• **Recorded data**
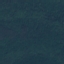
Land use / land cover: Forest
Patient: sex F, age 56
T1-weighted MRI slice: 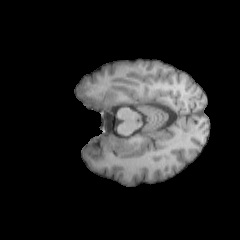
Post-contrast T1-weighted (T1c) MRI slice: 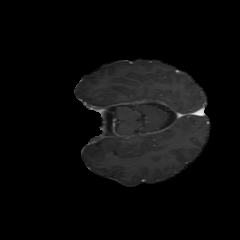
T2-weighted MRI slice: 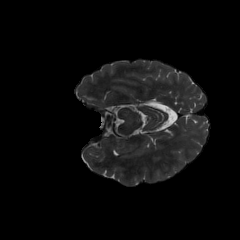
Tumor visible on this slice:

• **Task details**
Starting with the line that contains "Patient: sex F, age 56", repeat each line exactly through the last line of the data above, and nothing more; the pictures stay out.

• **Output of the exercise**
Patient: sex F, age 56
T1-weighted MRI slice: 
Post-contrast T1-weighted (T1c) MRI slice: 
T2-weighted MRI slice: 
Tumor visible on this slice:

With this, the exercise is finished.